Tag Archives: professional
My New Forex Training Course.
As some of you already know i recently launched a new Forex training course called learn to trade in 5 days, and i thought i would post an update on how that’s going.
The course teaches my number one trading strategy, and is an alternative and more affordable option to the full 15 or 30 hour courses in which i teach all of my strategies.
I had a good feeling about it when i decided to offer it, and the response to it has been very encouraging.
I would like to thank everyone that has signed up for the course so far. Some traders have taken the course already, and some are waiting to start.
The feedback i am getting from the people that have taken the course is very good indeed, as is the feedback from the 15 and the 30 hour courses. I have had a couple of traders say that i need to post some feedback on the site to let others know how good my stuff is.
Now i am not the type of person that goes in for pages of made up feedback testimonials to encourage people to part with their hard earned money, but having a few genuine testimonials from real traders who genuinely want others to benefit from what i teach, is only going to be a good thing.
I have many visitors to the site, that look at my courses, but for whatever reason, probably the price 🙂 decide not to contact me. Now let me just say this to all of those people that visit the site and click away.

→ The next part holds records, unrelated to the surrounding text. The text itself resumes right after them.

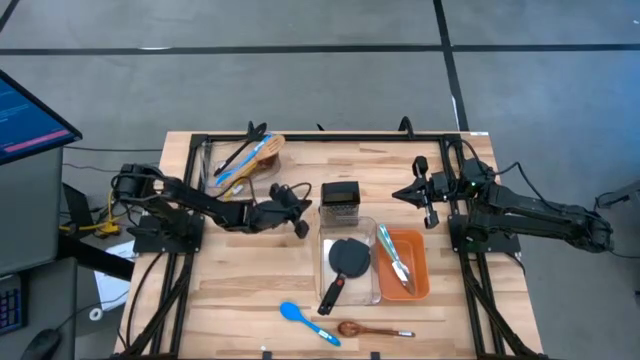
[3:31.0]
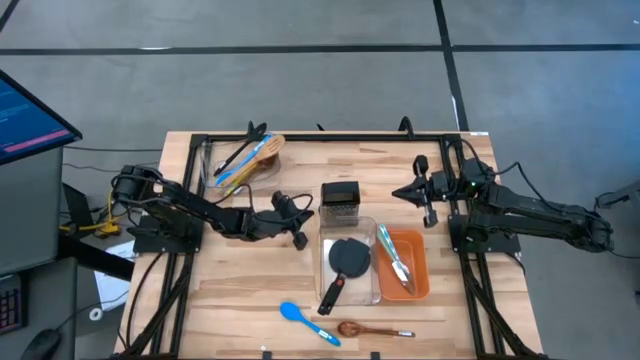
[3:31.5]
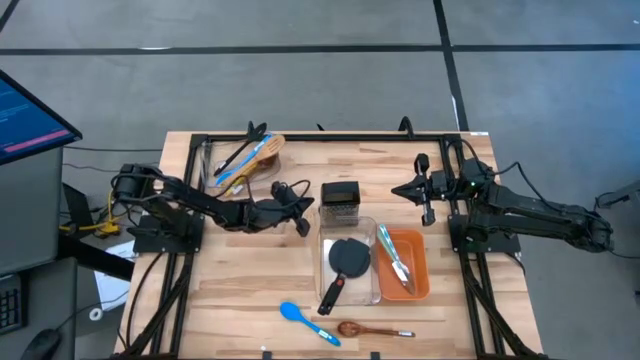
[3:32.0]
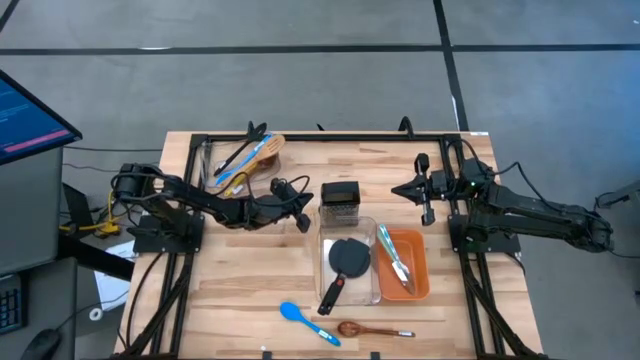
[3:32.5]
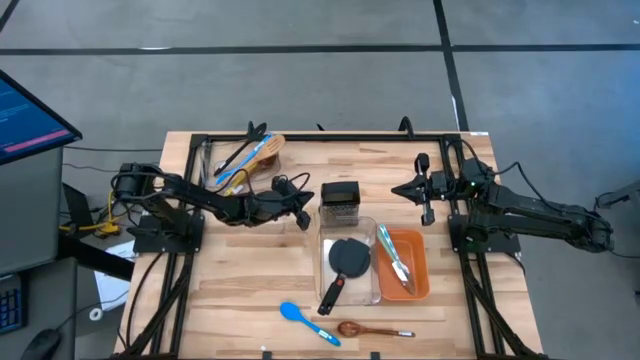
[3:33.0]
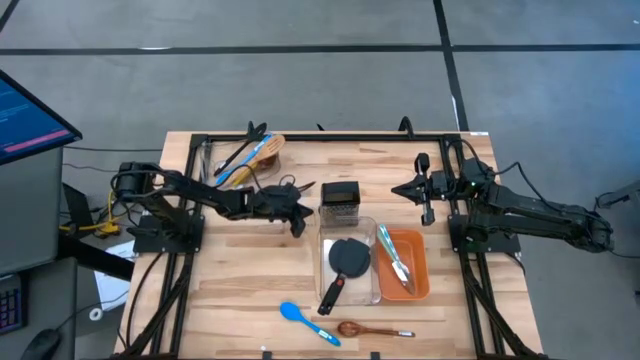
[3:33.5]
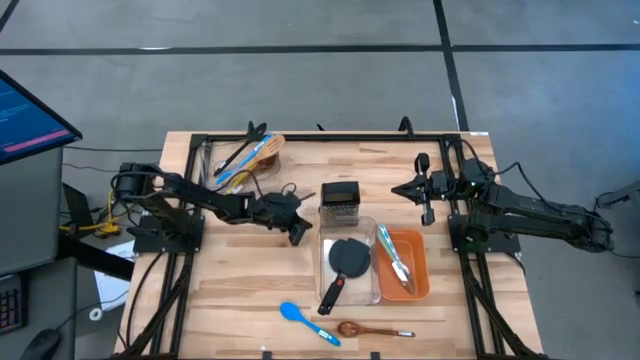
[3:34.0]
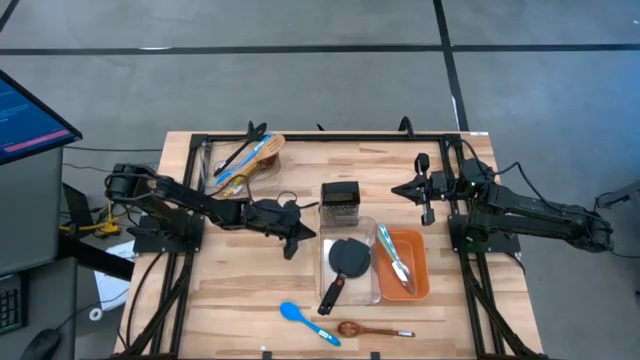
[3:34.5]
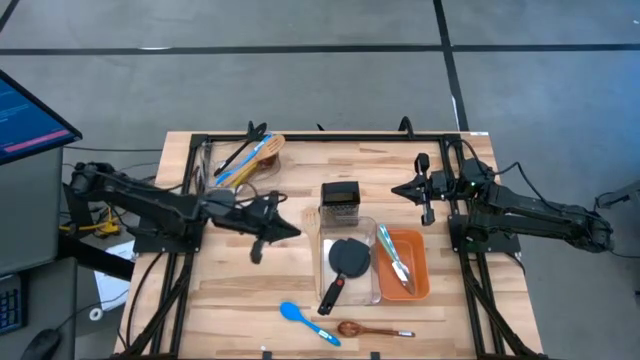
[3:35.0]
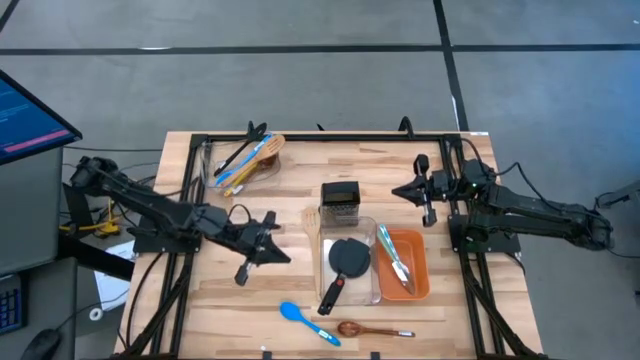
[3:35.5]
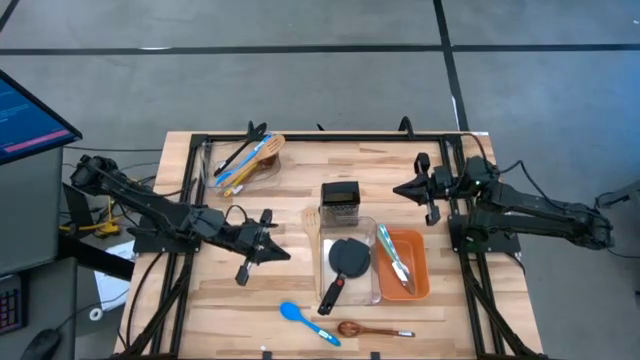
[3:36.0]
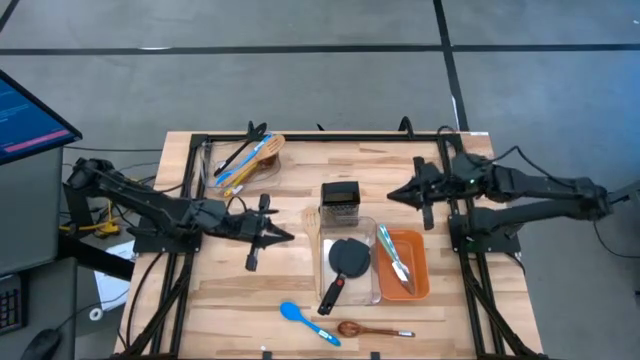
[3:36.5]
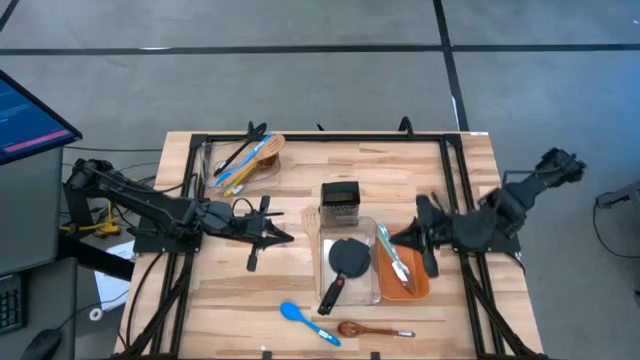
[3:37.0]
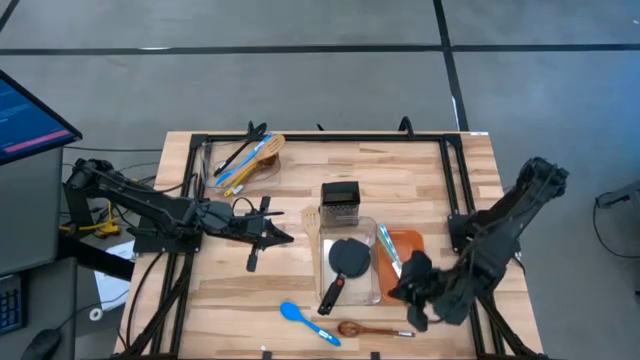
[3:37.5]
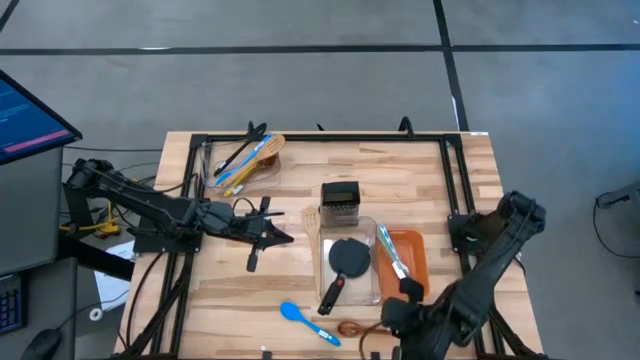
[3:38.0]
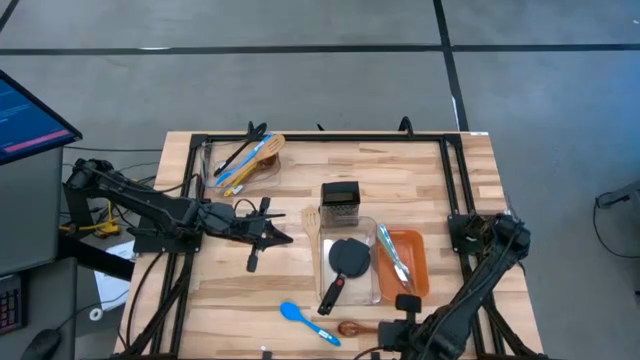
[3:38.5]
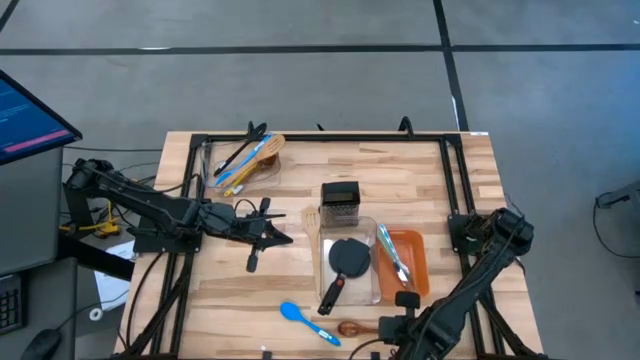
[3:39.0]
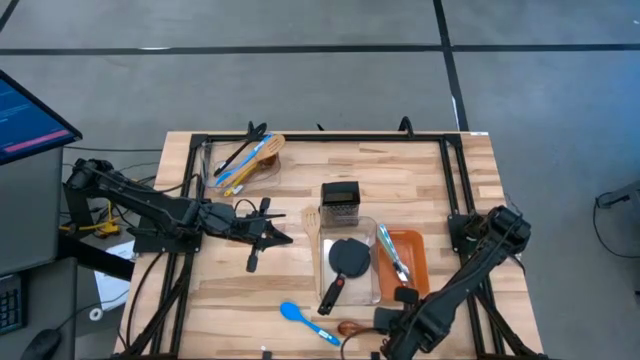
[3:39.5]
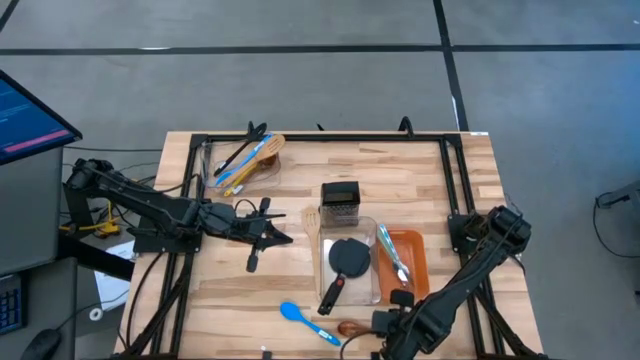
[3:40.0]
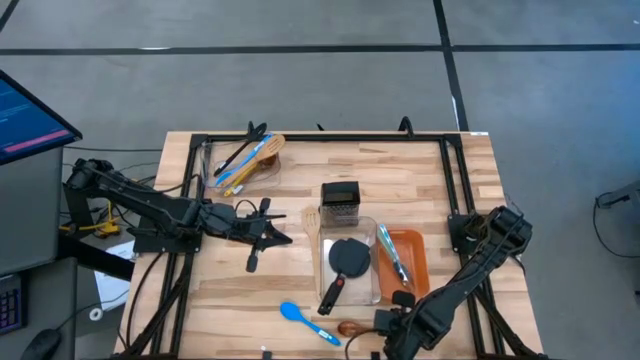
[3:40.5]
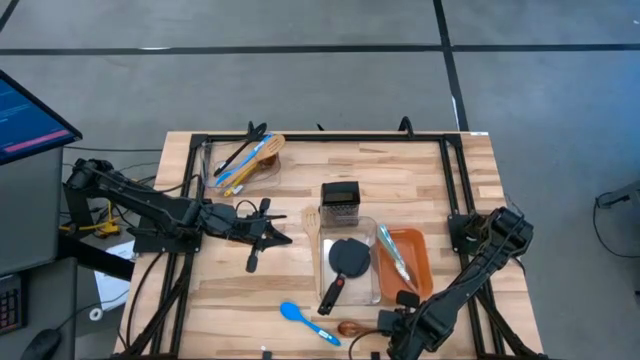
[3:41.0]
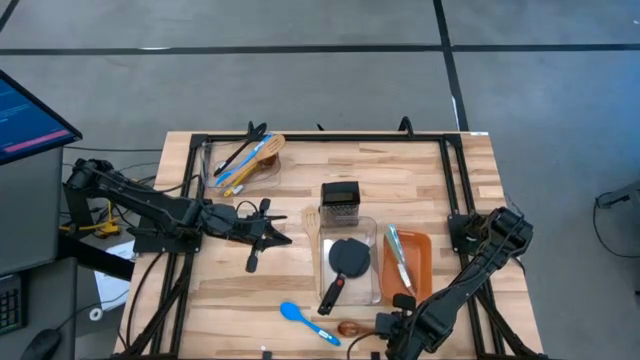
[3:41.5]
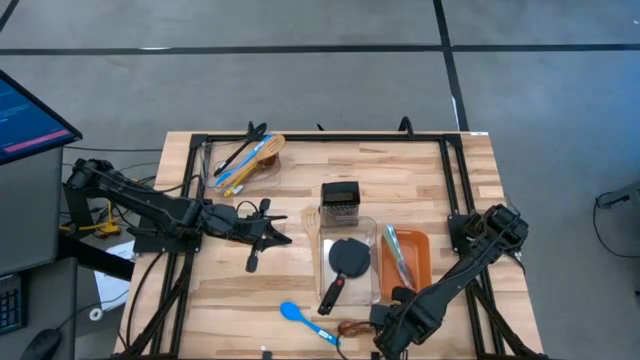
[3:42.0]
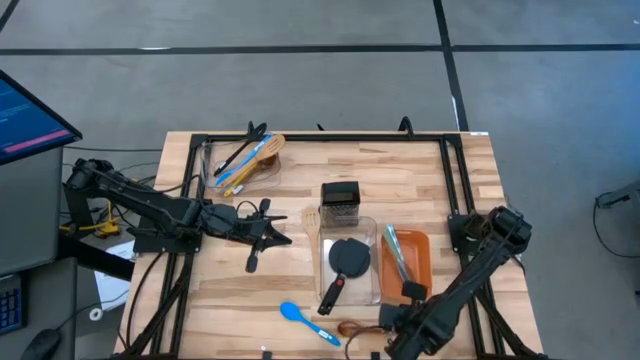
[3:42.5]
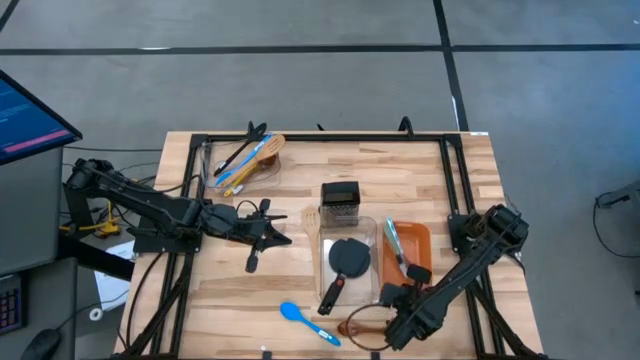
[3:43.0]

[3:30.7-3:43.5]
Task: Pick & Place Kitchen Items
Adjust the orange bin on the table

If its the price, then i understand. If its not affordable then what else can you do. But to those people that can afford to pay me to teach them, i would like to say this. Please please please please please do not get me confused with all the other charlatan educators out there. If you have been scammed, ripped off, cheated out of your money by these crooks, then i feel very sorry for you, but i am not one of them.
I had an email from a guy yesterday that had paid over £20,000 in the last 5 years to these crooks. He is now having to take out loans to pay for his healthcare because hes lost all his money. It makes me sick, it really does. But these charlatans do not hide in the shadows, waiting to pounce. They are all there in plain sight, so called professional traders with flashy websites telling you how good they are, and how many people they have successfully taught how to trade.

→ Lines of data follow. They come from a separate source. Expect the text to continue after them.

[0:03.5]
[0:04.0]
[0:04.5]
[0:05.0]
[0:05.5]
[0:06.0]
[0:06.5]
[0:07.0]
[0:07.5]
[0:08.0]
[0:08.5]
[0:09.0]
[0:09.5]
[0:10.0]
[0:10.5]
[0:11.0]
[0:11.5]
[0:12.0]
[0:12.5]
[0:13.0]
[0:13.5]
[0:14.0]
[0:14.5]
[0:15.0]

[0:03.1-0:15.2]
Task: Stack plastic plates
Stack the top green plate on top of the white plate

I am not going to name them as they will probably sue me. They have very lucrative training businesses to protect after all, but please do not fall for their lies. These people do not care how much money they take from people, or how many lives they ruin, they are not professional traders, they are con men pure and simple. If you want to learn how to trade you have to pay a real professional trader to teach you, not a professional marketing guru.
What i am offering to teach you, you will not get anywhere else. What i can teach you about this business will change your life. If you want to be a successful profitable trader then email me, give me a call, or Skype me, and listen to what i have to say.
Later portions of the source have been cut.